/---
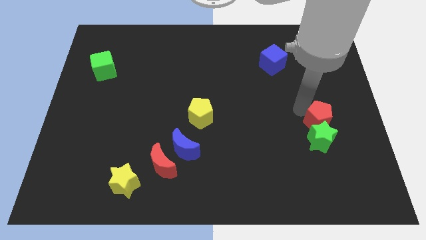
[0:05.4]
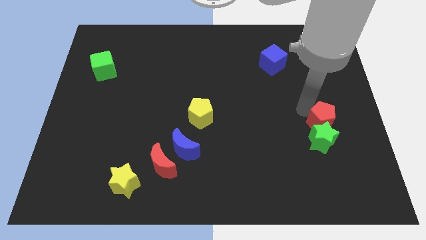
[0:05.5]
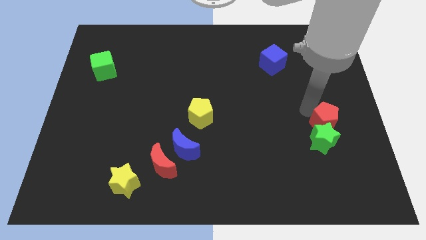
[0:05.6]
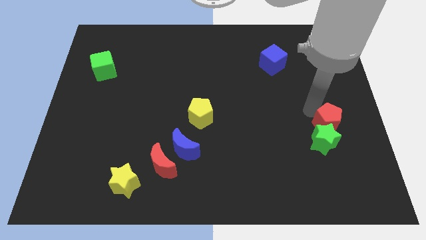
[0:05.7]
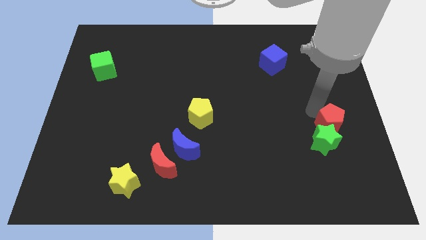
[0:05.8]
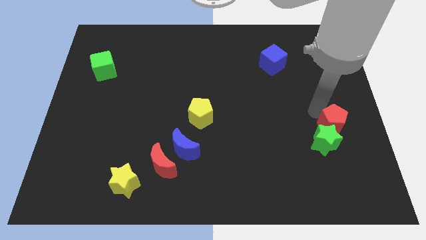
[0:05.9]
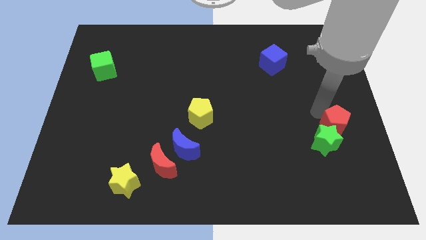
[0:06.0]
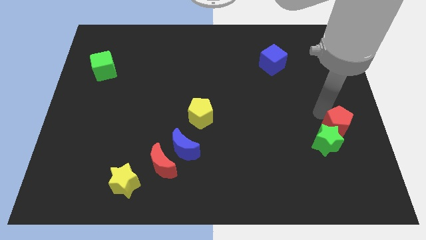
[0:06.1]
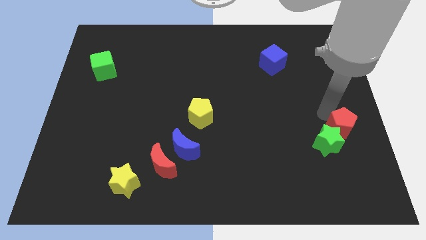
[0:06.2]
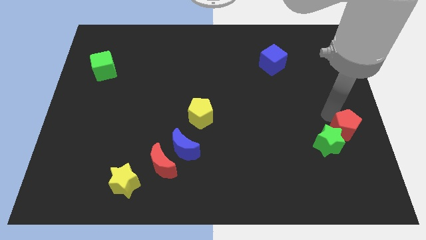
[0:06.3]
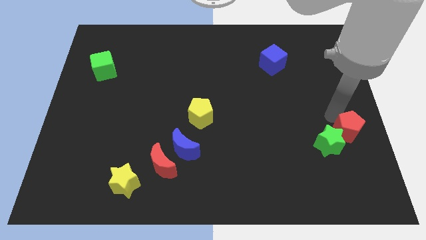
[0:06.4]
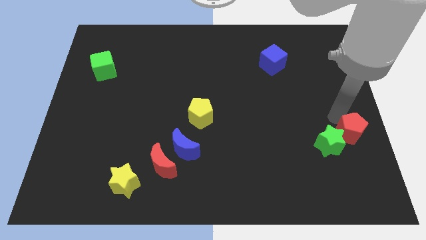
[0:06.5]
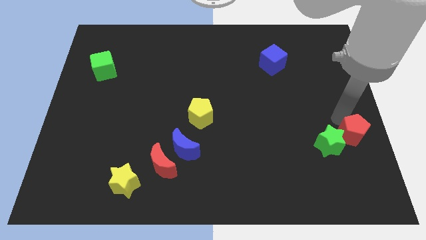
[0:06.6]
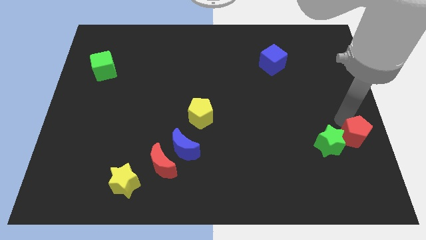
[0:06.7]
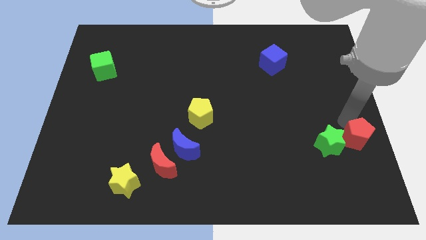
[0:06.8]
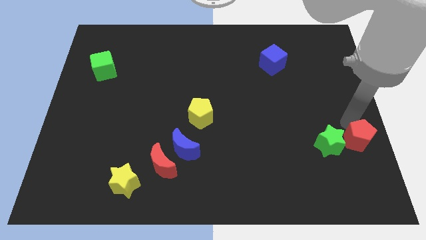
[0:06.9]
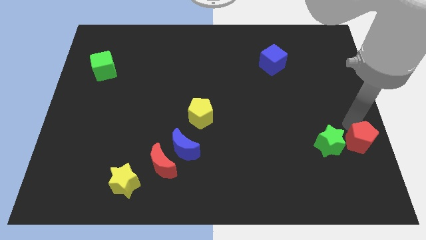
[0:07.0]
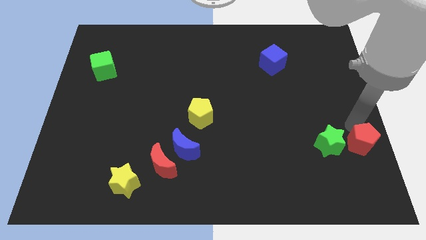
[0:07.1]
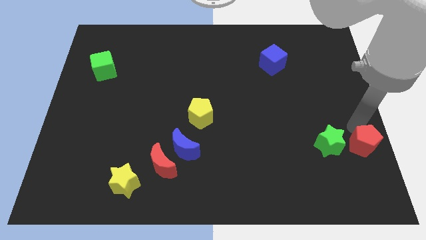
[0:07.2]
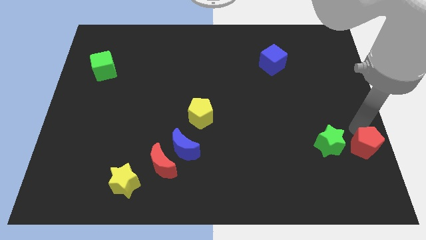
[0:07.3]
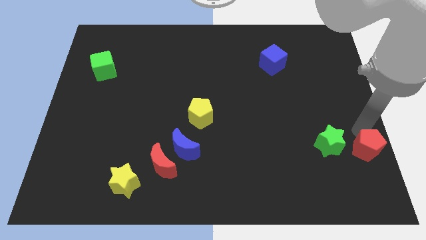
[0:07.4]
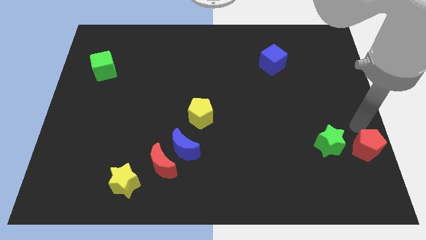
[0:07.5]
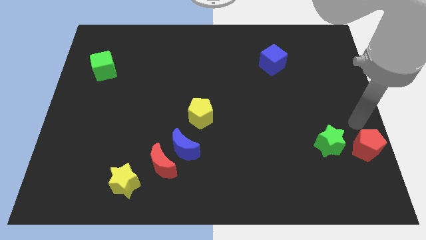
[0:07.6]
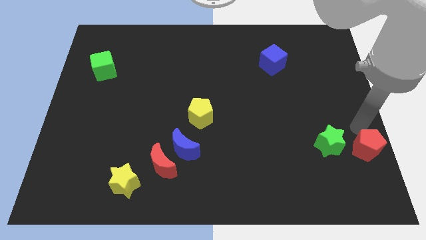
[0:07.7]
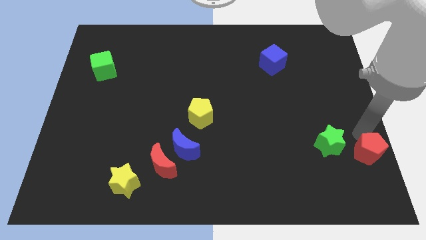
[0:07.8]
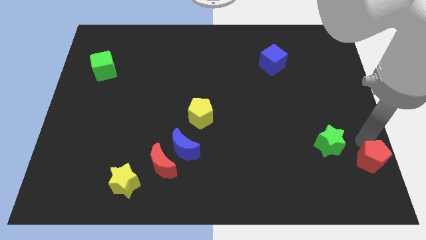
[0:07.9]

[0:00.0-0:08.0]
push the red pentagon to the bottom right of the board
\---
▸ **Your goal**
No picture belongs in the copy; return the rest of the listing exactly.

▸ **Response below**
[0:05.4]
[0:05.5]
[0:05.6]
[0:05.7]
[0:05.8]
[0:05.9]
[0:06.0]
[0:06.1]
[0:06.2]
[0:06.3]
[0:06.4]
[0:06.5]
[0:06.6]
[0:06.7]
[0:06.8]
[0:06.9]
[0:07.0]
[0:07.1]
[0:07.2]
[0:07.3]
[0:07.4]
[0:07.5]
[0:07.6]
[0:07.7]
[0:07.8]
[0:07.9]

[0:00.0-0:08.0]
push the red pentagon to the bottom right of the board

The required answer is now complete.